Output the listing verbatim, leaving out every picture.

________________

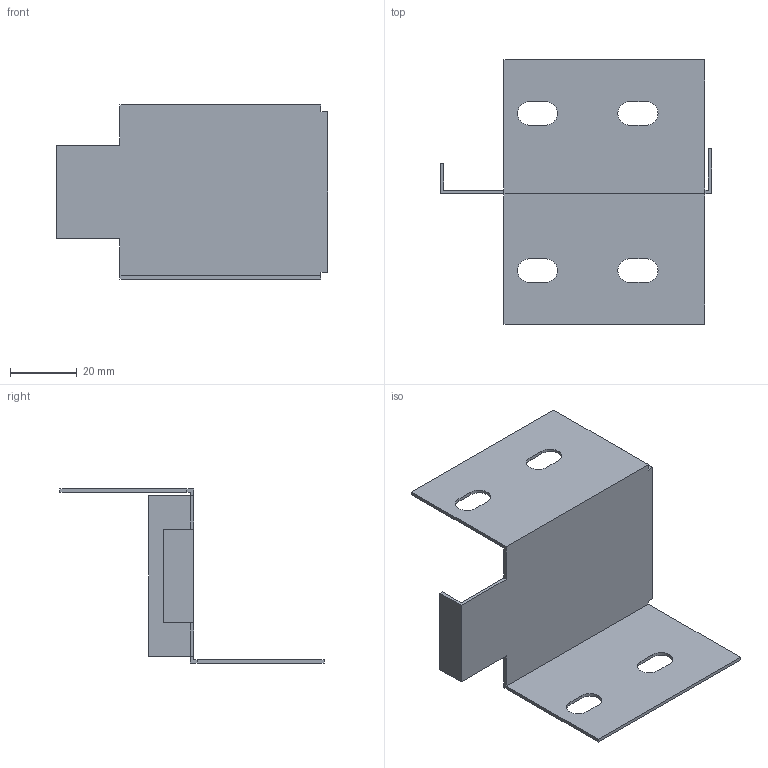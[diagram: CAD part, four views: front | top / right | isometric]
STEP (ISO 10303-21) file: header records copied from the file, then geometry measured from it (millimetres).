
FILE_DESCRIPTION(/* description */ (''),/* implementation_level */ '2;1');
FILE_NAME(/* name */ 'PDL 80x50.ipt.stp',/* time_stamp */ '2023-05-23T18:29:06+03:00',/* author */ ('Ртищев А.О.'),/* organization */ (''),/* preprocessor_version */ 'ST-DEVELOPER v19.2',/* originating_system */ 'Autodesk Inventor 2023',/* authorisation */ '');
FILE_SCHEMA (('AUTOMOTIVE_DESIGN { 1 0 10303 214 3 1 1 }'));
Length unit declared in the file: millimetre
Products named in the file (1): Переходник упрощенный 
80х50 левый "ПЛЮС"
Bounding box: 81 x 78.84 x 52 mm (x, y, z)
Volume: 8944.9 mm3; surface area: 18480.3 mm2
Topology: 1 solids, 1 shells, 44 faces, 126 edges, 84 vertices
Faces by surface type: plane 36, cylinder 8
Entity records: 1538 total; most frequent: CARTESIAN_POINT 255, ORIENTED_EDGE 252, DIRECTION 232, EDGE_CURVE 126, LINE 110, VECTOR 110, VERTEX_POINT 84, AXIS2_PLACEMENT_3D 61
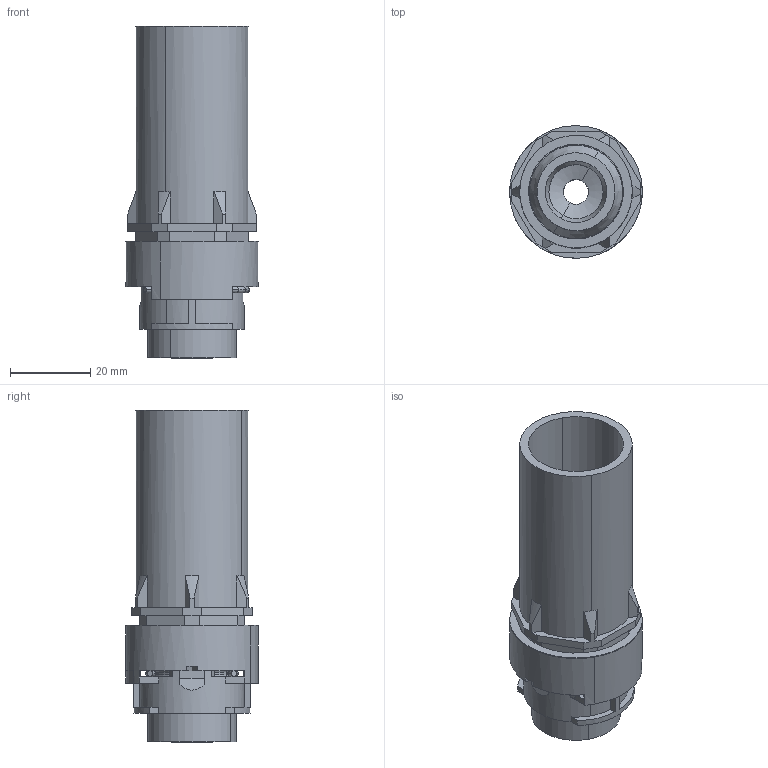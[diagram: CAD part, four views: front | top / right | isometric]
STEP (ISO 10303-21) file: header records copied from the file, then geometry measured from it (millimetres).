
FILE_DESCRIPTION(('CATIA V5 STEP Exchange','CAx-IF Rec.Pracs.--- Model Styling and Organization---1.5--- 2016-08-15','CAx-IF Rec.Pracs.---Supplemental Geometry---1.0---2011-11-01','CAx-IF Rec.Pracs.--- Composite Materials ---1.1---2010-07-15'),'2;1');
FILE_NAME ('006684-2_2', '2025-09-01T06:49:32+00:00', ('none'), ('Weidmueller'), 'CATIA Version 5-6 Release 2024 SP4', 'CATIA V5 STEP AP214 v3', 'none');
FILE_SCHEMA(('AUTOMOTIVE_DESIGN { 1 0 10303 214 1 1 1 1 }'));
Length unit declared in the file: millimetre
Products named in the file (1): 1119100000
Bounding box: 32.99 x 33 x 82.6 mm (x, y, z)
Volume: 31071.5 mm3; surface area: 27946.7 mm2
Topology: 2 solids, 3 shells, 259 faces, 654 edges, 410 vertices
Faces by surface type: plane 121, cylinder 76, cone 36, torus 26
Entity records: 7086 total; most frequent: CARTESIAN_POINT 1328, ORIENTED_EDGE 1308, DIRECTION 940, EDGE_CURVE 654, AXIS2_PLACEMENT_3D 421, VERTEX_POINT 410, VECTOR 365, LINE 365

________________

Answer>
[diagram: CAD part, four views: front | top / right | isometric]
STEP (ISO 10303-21) file: header records copied from the file, then geometry measured from it (millimetres).
FILE_DESCRIPTION(/* description */ (''),/* implementation_level */ '2;1');
FILE_NAME(/* name */ 'PDL 80x50.ipt.stp',/* time_stamp */ '2023-05-23T18:29:06+03:00',/* author */ ('Ртищев А.О.'),/* organization */ (''),/* preprocessor_version */ 'ST-DEVELOPER v19.2',/* originating_system */ 'Autodesk Inventor 2023',/* authorisation */ '');
FILE_SCHEMA (('AUTOMOTIVE_DESIGN { 1 0 10303 214 3 1 1 }'));
Length unit declared in the file: millimetre
Products named in the file (1): Переходник упрощенный 
80х50 левый "ПЛЮС"
Bounding box: 81 x 78.84 x 52 mm (x, y, z)
Volume: 8944.9 mm3; surface area: 18480.3 mm2
Topology: 1 solids, 1 shells, 44 faces, 126 edges, 84 vertices
Faces by surface type: plane 36, cylinder 8
Entity records: 1538 total; most frequent: CARTESIAN_POINT 255, ORIENTED_EDGE 252, DIRECTION 232, EDGE_CURVE 126, LINE 110, VECTOR 110, VERTEX_POINT 84, AXIS2_PLACEMENT_3D 61
[diagram: CAD part, four views: front | top / right | isometric]
STEP (ISO 10303-21) file: header records copied from the file, then geometry measured from it (millimetres).
FILE_DESCRIPTION(('CATIA V5 STEP Exchange','CAx-IF Rec.Pracs.--- Model Styling and Organization---1.5--- 2016-08-15','CAx-IF Rec.Pracs.---Supplemental Geometry---1.0---2011-11-01','CAx-IF Rec.Pracs.--- Composite Materials ---1.1---2010-07-15'),'2;1');
FILE_NAME ('006684-2_2', '2025-09-01T06:49:32+00:00', ('none'), ('Weidmueller'), 'CATIA Version 5-6 Release 2024 SP4', 'CATIA V5 STEP AP214 v3', 'none');
FILE_SCHEMA(('AUTOMOTIVE_DESIGN { 1 0 10303 214 1 1 1 1 }'));
Length unit declared in the file: millimetre
Products named in the file (1): 1119100000
Bounding box: 32.99 x 33 x 82.6 mm (x, y, z)
Volume: 31071.5 mm3; surface area: 27946.7 mm2
Topology: 2 solids, 3 shells, 259 faces, 654 edges, 410 vertices
Faces by surface type: plane 121, cylinder 76, cone 36, torus 26
Entity records: 7086 total; most frequent: CARTESIAN_POINT 1328, ORIENTED_EDGE 1308, DIRECTION 940, EDGE_CURVE 654, AXIS2_PLACEMENT_3D 421, VERTEX_POINT 410, VECTOR 365, LINE 365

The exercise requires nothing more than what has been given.